普通シルクロードと言えば、張騫が切り開いた中央アジアの乾燥地帯を抜けたオアシス路を指しますが、実は、後もう2本のシルクロードがあるのです。

1本は四川から雲南を経て、ミャンマー北部を通りインド東北部に着き、また川を経由してインド西北部海のシルクロードへ進み、イラン高原にたどり着く、所謂西南シルクロードです。このシルクロードの歴史は陸上シルクロードよりもっと早いのです。この間四川省三星堆で3000年前の西アジアとギリシャ文化の特徴がある遺跡が発見されることはこの道が存在していた明証です。

もう1本はアジア大陸の南の海を結んだ南海シルクロードです。南海シルクロードは広州から海に出て、満剌加海峡(今のマラッカ海峡)を通り、錫蘭(今のスリランカ)、インドなどを経由して、東アフリカにたどり着く道です。

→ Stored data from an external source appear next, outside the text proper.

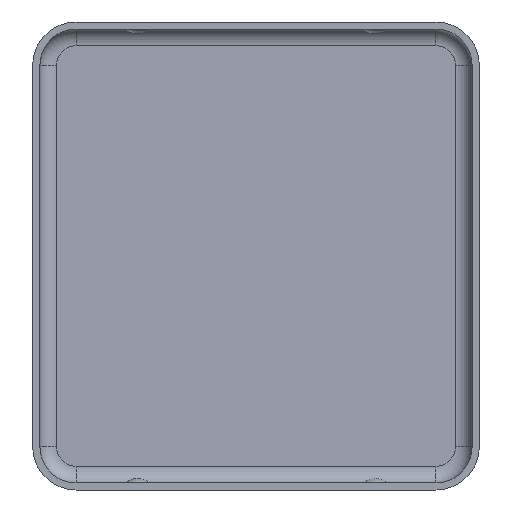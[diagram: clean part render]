
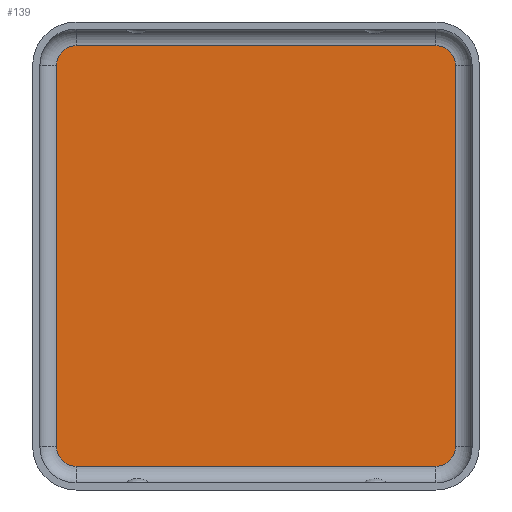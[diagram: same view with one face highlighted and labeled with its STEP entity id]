
A CAD part, front view. The second image highlights one B-rep face of the part: STEP entity #139.
In plain terms, the highlighted planar face has unit normal (0, -1, 0).
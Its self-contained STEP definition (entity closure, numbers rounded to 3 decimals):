
#139 = ADVANCED_FACE( 'NONE', ( #303 ), #304, .T. );
#303 = FACE_OUTER_BOUND( '', #694, .T. );
#304 = PLANE( '', #695 );
#694 = EDGE_LOOP( '', ( #1127, #1128, #1129, #1130, #1131, #1132, #1133, #1134 ) );
#695 = AXIS2_PLACEMENT_3D( '', #1135, #1136, #1137 );
#1127 = ORIENTED_EDGE( '', *, *, #1375, .F. );
#1128 = ORIENTED_EDGE( '', *, *, #1376, .F. );
#1129 = ORIENTED_EDGE( '', *, *, #1275, .F. );
#1130 = ORIENTED_EDGE( '', *, *, #1368, .F. );
#1131 = ORIENTED_EDGE( '', *, *, #1355, .F. );
#1132 = ORIENTED_EDGE( '', *, *, #1358, .F. );
#1133 = ORIENTED_EDGE( '', *, *, #1377, .F. );
#1134 = ORIENTED_EDGE( '', *, *, #1378, .F. );
#1135 = CARTESIAN_POINT( '', ( 7.6, 0., -8.025 ) );
#1136 = DIRECTION( '', ( 0., -1., 0. ) );
#1137 = DIRECTION( '', ( 0., 0., -1. ) );
#1275 = EDGE_CURVE( '', #1430, #1433, #1434, .F. );
#1355 = EDGE_CURVE( '', #1554, #1552, #1556, .F. );
#1358 = EDGE_CURVE( '', #1558, #1554, #1560, .F. );
#1368 = EDGE_CURVE( '', #1552, #1430, #1573, .T. );
#1375 = EDGE_CURVE( '', #1580, #1581, #1582, .F. );
#1376 = EDGE_CURVE( '', #1433, #1580, #1583, .T. );
#1377 = EDGE_CURVE( '', #1584, #1558, #1585, .F. );
#1378 = EDGE_CURVE( '', #1581, #1584, #1586, .F. );
#1430 = VERTEX_POINT( '', #1645 );
#1433 = VERTEX_POINT( '', #1648 );
#1434 = CIRCLE( '', #1649, 0.825 );
#1552 = VERTEX_POINT( '', #1794 );
#1554 = VERTEX_POINT( '', #1796 );
#1556 = CIRCLE( '', #1798, 0.825 );
#1558 = VERTEX_POINT( '', #1800 );
#1560 = LINE( '', #1802, #1803 );
#1573 = LINE( '', #1818, #1819 );
#1580 = VERTEX_POINT( '', #1826 );
#1581 = VERTEX_POINT( '', #1827 );
#1582 = CIRCLE( '', #1828, 0.825 );
#1583 = LINE( '', #1829, #1830 );
#1584 = VERTEX_POINT( '', #1831 );
#1585 = CIRCLE( '', #1832, 0.825 );
#1586 = LINE( '', #1833, #1834 );
#1645 = CARTESIAN_POINT( '', ( 7.575, 0., 8.85 ) );
#1648 = CARTESIAN_POINT( '', ( 8.4, 0., 8.025 ) );
#1649 = AXIS2_PLACEMENT_3D( '', #1892, #1893, #1894 );
#1794 = CARTESIAN_POINT( '', ( -7.575, 0., 8.85 ) );
#1796 = CARTESIAN_POINT( '', ( -8.4, 0., 8.025 ) );
#1798 = AXIS2_PLACEMENT_3D( '', #2018, #2019, #2020 );
#1800 = CARTESIAN_POINT( '', ( -8.4, 0., -8.025 ) );
#1802 = CARTESIAN_POINT( '', ( -8.4, 0., -8.025 ) );
#1803 = VECTOR( '', #2024, 1000. );
#1818 = CARTESIAN_POINT( '', ( 7.6, 0., 8.85 ) );
#1819 = VECTOR( '', #2036, 1000. );
#1826 = CARTESIAN_POINT( '', ( 8.4, 0., -8.025 ) );
#1827 = CARTESIAN_POINT( '', ( 7.575, 0., -8.85 ) );
#1828 = AXIS2_PLACEMENT_3D( '', #2043, #2044, #2045 );
#1829 = CARTESIAN_POINT( '', ( 8.4, 0., -8.025 ) );
#1830 = VECTOR( '', #2046, 1000. );
#1831 = CARTESIAN_POINT( '', ( -7.575, 0., -8.85 ) );
#1832 = AXIS2_PLACEMENT_3D( '', #2047, #2048, #2049 );
#1833 = CARTESIAN_POINT( '', ( 7.6, 0., -8.85 ) );
#1834 = VECTOR( '', #2050, 1000. );
#1892 = CARTESIAN_POINT( '', ( 7.575, 0., 8.025 ) );
#1893 = DIRECTION( '', ( 0., -1., 0. ) );
#1894 = DIRECTION( '', ( 0., 0., -1. ) );
#2018 = CARTESIAN_POINT( '', ( -7.575, 0., 8.025 ) );
#2019 = DIRECTION( '', ( 0., -1., 0. ) );
#2020 = DIRECTION( '', ( 0., 0., -1. ) );
#2024 = DIRECTION( '', ( 0., 0., -1. ) );
#2036 = DIRECTION( '', ( 1., 0., 0. ) );
#2043 = CARTESIAN_POINT( '', ( 7.575, 0., -8.025 ) );
#2044 = DIRECTION( '', ( 0., -1., 0. ) );
#2045 = DIRECTION( '', ( 0., 0., -1. ) );
#2046 = DIRECTION( '', ( 0., 0., -1. ) );
#2047 = CARTESIAN_POINT( '', ( -7.575, 0., -8.025 ) );
#2048 = DIRECTION( '', ( 0., -1., 0. ) );
#2049 = DIRECTION( '', ( 0., 0., -1. ) );
#2050 = DIRECTION( '', ( 1., 0., 0. ) );

東アフリカのソマリなどで出土された文物によって、「海上シルクロード」が宋の時代(紀元960年―1126年)に既にあったことが分かりました。

すでにプトレマイオス朝の時代からエジプトは紅海の港からインドと通商を行っており、エジプトを征服した古代ローマはこの貿易路も継承して、南インドにアメリカドゥなどいくつかの商業拠点を築き、絹を求めて中国にまで達したことは中国史書にも記載されています。古代にはマラッカ海峡はあまり使われず、マレー半島のクラ地峡を横断するルートが多かったのです。このルートでセイロン(獅子国)やインド、ペルシアの商人も中国に赴いたのです。陸のシルクロードは諸国の戦争でしばしば中断を余儀なくされたのに対し、海のシルクロードを遮るものはありませんでした。

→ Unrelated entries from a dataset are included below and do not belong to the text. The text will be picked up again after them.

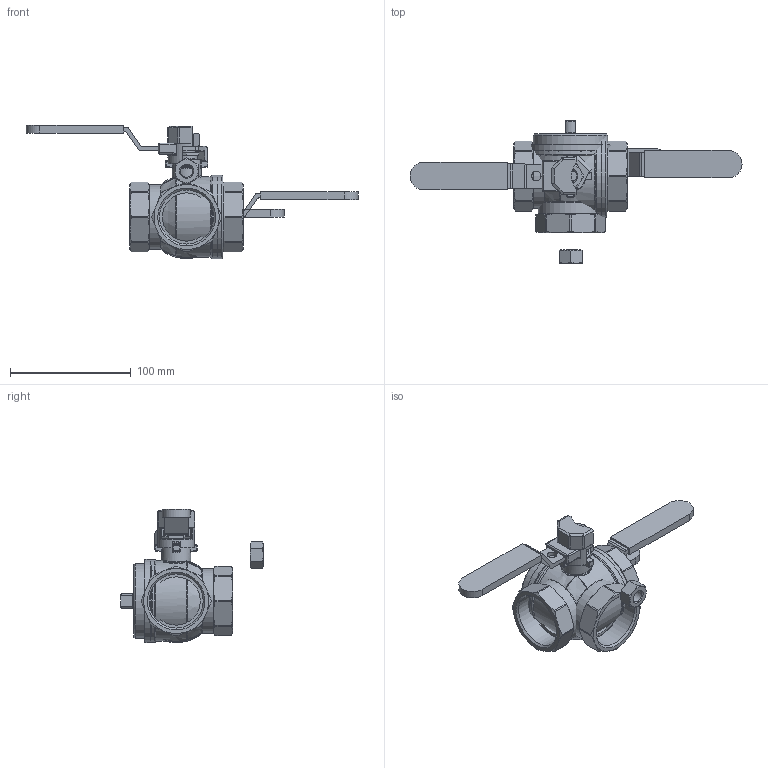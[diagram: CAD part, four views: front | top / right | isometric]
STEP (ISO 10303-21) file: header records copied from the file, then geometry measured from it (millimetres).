
FILE_DESCRIPTION( ( 'Unknown' ), '1' );
FILE_NAME( '9350-08_STEP-KUNDE.stp', 'Unknown', ( 'Unknown' ), ( 'Unknown' ), 'PSStep 13.0', 'Unknown', ' ' );
FILE_SCHEMA( ( 'AUTOMOTIVE_DESIGN { 1 0 10303 214 1 1 1 1 }' ) );
Length unit declared in the file: millimetre
Products named in the file (11): Assem1; Edelstahlgriff_DN32_DN40; 9380_1 1_2-oa1; Spindel__1-1_2; Körper__1-1_2; Stopfbuchse__1-1_4 - 1-1_2; Einschraubteil__1-1_2; Schlie_lasche_DN32_DN40; Edelstahlgriff Ummantelung_DN32_DN40; 600-1_1_2-Mutter-st.gr.
Bounding box: 275.37 x 118.3 x 110.5 mm (x, y, z)
Volume: 363271.3 mm3; surface area: 221168.2 mm2
Topology: 23 solids, 23 shells, 1061 faces, 2616 edges, 1598 vertices
Faces by surface type: plane 397, cylinder 362, cone 176, bspline 54, sphere 39, torus 33
Full cylindrical faces by diameter (mm): 8 x3, 10.2 x2, 14 x6, 14.5 x3, 18 x6, 18.376 x6, 19 x3, 20 x3, 24 x3, 40 x6, 44.845 x12, 49 x6, 53.5 x3, 60.376 x3, 62 x6, 65.2 x3, 67 x3, 69 x6
Entity records: 15871 total; most frequent: CARTESIAN_POINT 4939, DIRECTION 1668, ORIENTED_EDGE 1586, EDGE_CURVE 793, AXIS2_PLACEMENT_3D 666, VERTEX_POINT 515, EDGE_LOOP 438, FACE_OUTER_BOUND 390

7世紀以降はペルシアの交通路を継承したイスラム商人(アラブ人、ペルシア人等の西アジア出身のイスラム教徒商人)が絹を求めて大挙中国を訪れ、広州などに居留地を築いたのです。中国のイスラム教徒居留地は黄巣の乱によって大打撃を受け、一時後退しましたが、宋代になると再び中国各地に進出し、元代まで続きました。明は海禁政策を取り、朝貢貿易しか認めず、16世紀には喜望峰経由でポルトガルが進出したため、イスラム商人の交易ルートは衰えました。